Not long ago I purchased an inexpensive 5-inch Newtonian reflector telescope to get a closer look at the lunar surface and the planets, including the dazzling Venus riding high in the sky after sunset. Even with modest magnification the planet appeared as a beautiful crescent shaped moon in miniature, made of smooth white marble. After various cack-handed attempts to capture it with a smartphone camera I decided to make a painting instead whilst looking through the eyepiece. I have plenty of experience creating paintings in the dark but producing one with the aid of a telescope was a first for me. As I worked quickly I made adjustments to the scope every thirty seconds because the planet constantly drifted out of view (I had yet to attach the motorised EQ mount device) but the opportunity to capture this fleeting earth-sized planet in paint was not to be missed.
The moon has often featured in my work, usually as a glowing orb, but there was one occasion when it was accompanied closely in the sky by the planet Jupiter, rising above an earth based landscape of a housing estate in south east London. The immense scale of space is hard to visualise as the gas giant Jupiter appears as a small flat dot when placed alongside a much larger but equally flat moon.
Art and science have always collaborated together in the search for knowledge and revelation, often in direct and novel ways. In the era of ‘Cool Britannia’, artist Damian Hirst’s Spot Painting was used as a practical device (alongside a sound recording by Brit-pop band Blur) for the ill-fated Beagle 2 Mars lander in 2003. Hirst’s work would have served as a colour calibration chart for the craft’s equipment to measure against the natural colours of the Martian landscape. Though the mission was ultimately lost, Hirst’s spot painting is the first artwork to land on another planet. This direct relationship between art and science also works the other way around: Consider Apollo 12 astronaut Alan Bean who made it a lifelong post-mission ‘mission’ to paint his memories of the lunar surface (seemingly after feeling guilty for having burnt out the live picture colour camera on the moon by accidentally pointing it at the sun!)
Art is important in visualising the invisible, the hidden and the abstract in nature, including astronomy. Artist Hannah Pratt collaborates with scientists by using real data to produce work that is both visually dynamic and scientifically informative. Her round canvases embrace the observable universe with the elemental and the mythical realms. She refers to her work as ‘space craft’, a play on words, as she incorporates sewing into her pieces, complete with embroidery rings as frames. Carefully threaded lines of different colours represent spectroscopy and wavelengths - each star has a colour spectral signature that reveals its chemical composition. Hercules and the Dragon depicts colour coded spectral lines of stars contained in the constellations of Hercules and Draco. These radiated lines are reminiscent of the pulsar diagrams that were launched on board on the Pioneer and Voyager space probes in the 1970s, now the most distant manmade objects from earth.

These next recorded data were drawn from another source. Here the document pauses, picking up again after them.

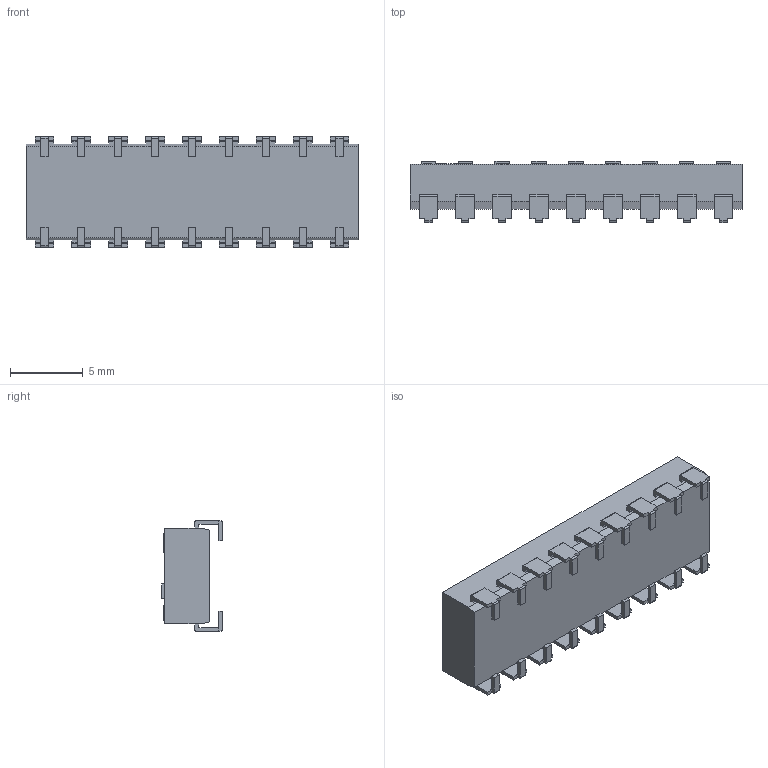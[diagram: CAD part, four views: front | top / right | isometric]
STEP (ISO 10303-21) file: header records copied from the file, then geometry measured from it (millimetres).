
FILE_DESCRIPTION (( 'STEP AP214' ), '1' );
FILE_NAME ('User Library-DIP-Schalter SMD 9polig RM2,54.STEP', '2019-08-07T10:39:17', ( '' ), ( '' ), 'SwSTEP 2.0', 'SolidWorks 2019', '' );
FILE_SCHEMA (( 'AUTOMOTIVE_DESIGN' ));
Length unit declared in the file: millimetre
Products named in the file (1): User Library-DIP-Schalter SMD 9polig RM2,54
Bounding box: 22.86 x 4.2 x 7.62 mm (x, y, z)
Volume: 468.7 mm3; surface area: 678.6 mm2
Topology: 1 solids, 1 shells, 558 faces, 1509 edges, 1006 vertices
Faces by surface type: plane 399, bspline 87, cylinder 72
Entity records: 27907 total; most frequent: CARTESIAN_POINT 8121, ORIENTED_EDGE 3018, DIRECTION 2423, EDGE_CURVE 1509, VECTOR 1191, LINE 1191, VERTEX_POINT 1006, AXIS2_PLACEMENT_3D 616

Apollo 17 astronaut Gene Cernan said that he saw the earth sitting in a star field in space. His statement is an incredible first hand experience of a different frame of reference, rather like spotting one’s hometown from an aeroplane - the familiar seen from an unfamiliar location. We might not grasp the immensity of that but it’s thanks to artists and scientists who can open the eyes and mind to the splendours of the cosmos.